----- Input for this task -----
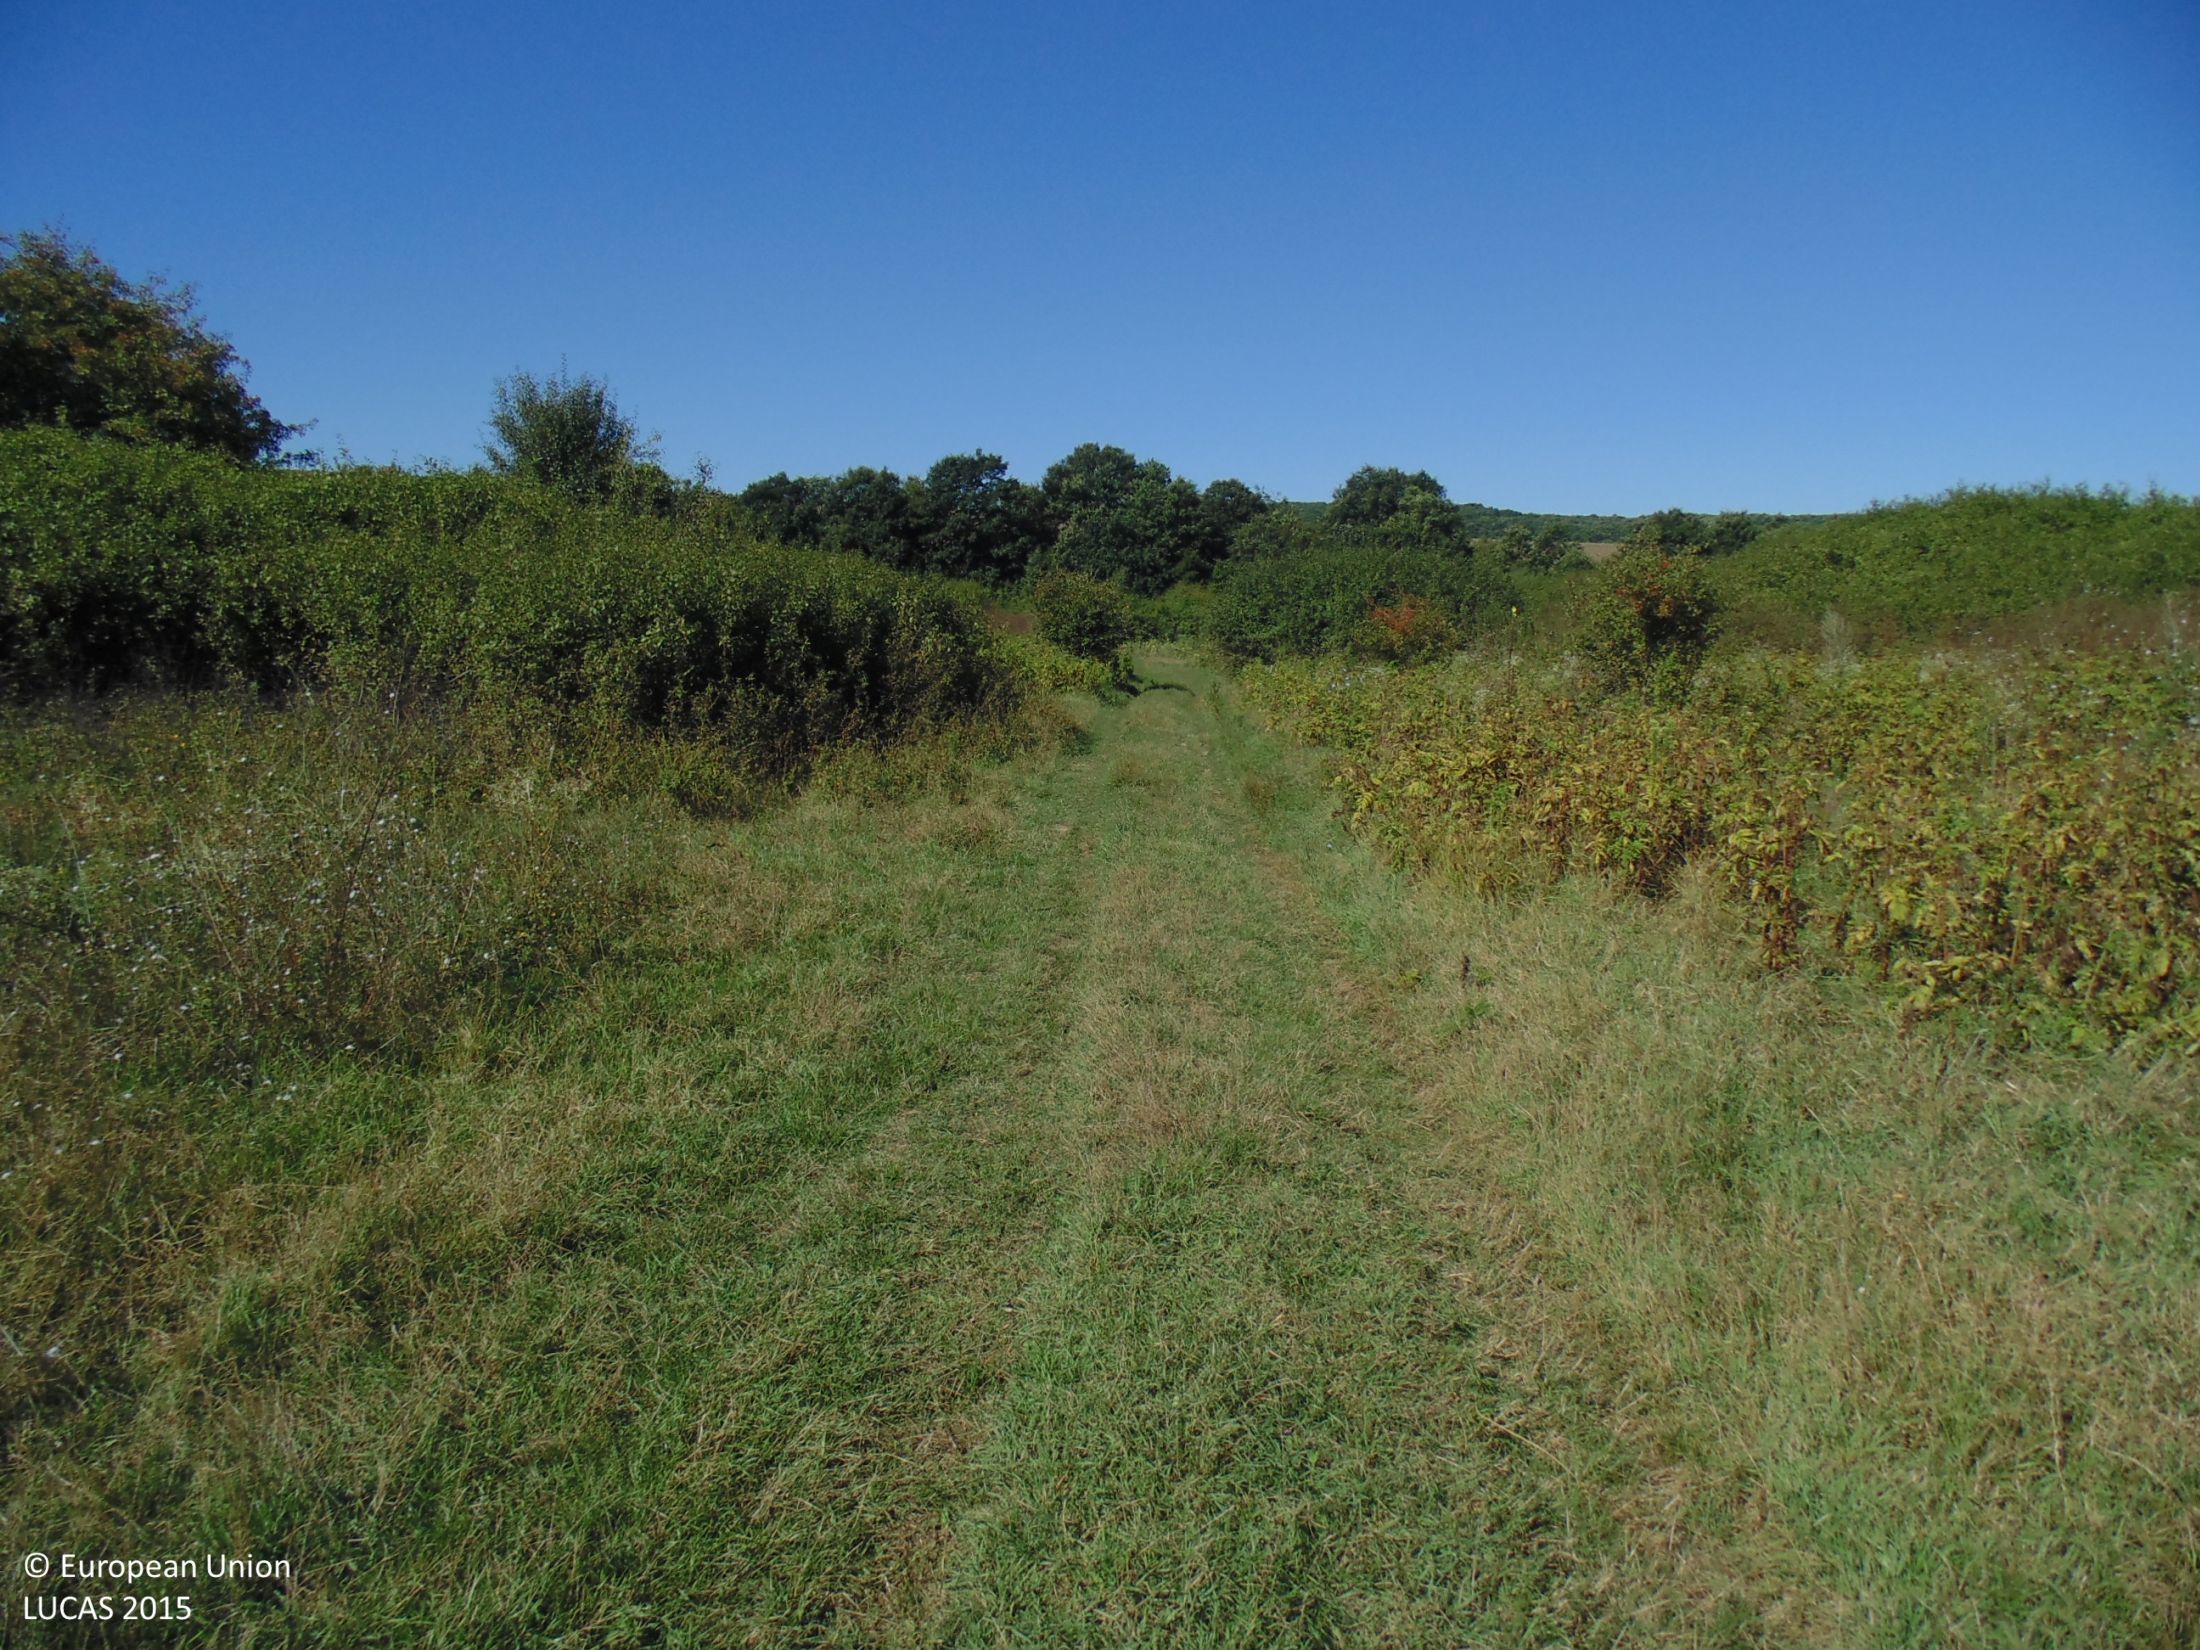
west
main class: Grassland
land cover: Grassland with sparse tree/shrub cover
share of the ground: > 75 %
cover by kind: herbaceous plants 90 %, broadleaved forest trees 5 %, shrubs 5 %
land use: Agriculture (excluding fallow land and kitchen gardens)
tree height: < 5 m
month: September
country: BG
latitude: 43.8013
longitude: 27.3196
-----
**Your goal**
Transcribe the records above exactly and drop every picture.

**Response to the exercise**
west
main class: Grassland
land cover: Grassland with sparse tree/shrub cover
share of the ground: > 75 %
cover by kind: herbaceous plants 90 %, broadleaved forest trees 5 %, shrubs 5 %
land use: Agriculture (excluding fallow land and kitchen gardens)
tree height: < 5 m
month: September
country: BG
latitude: 43.8013
longitude: 27.3196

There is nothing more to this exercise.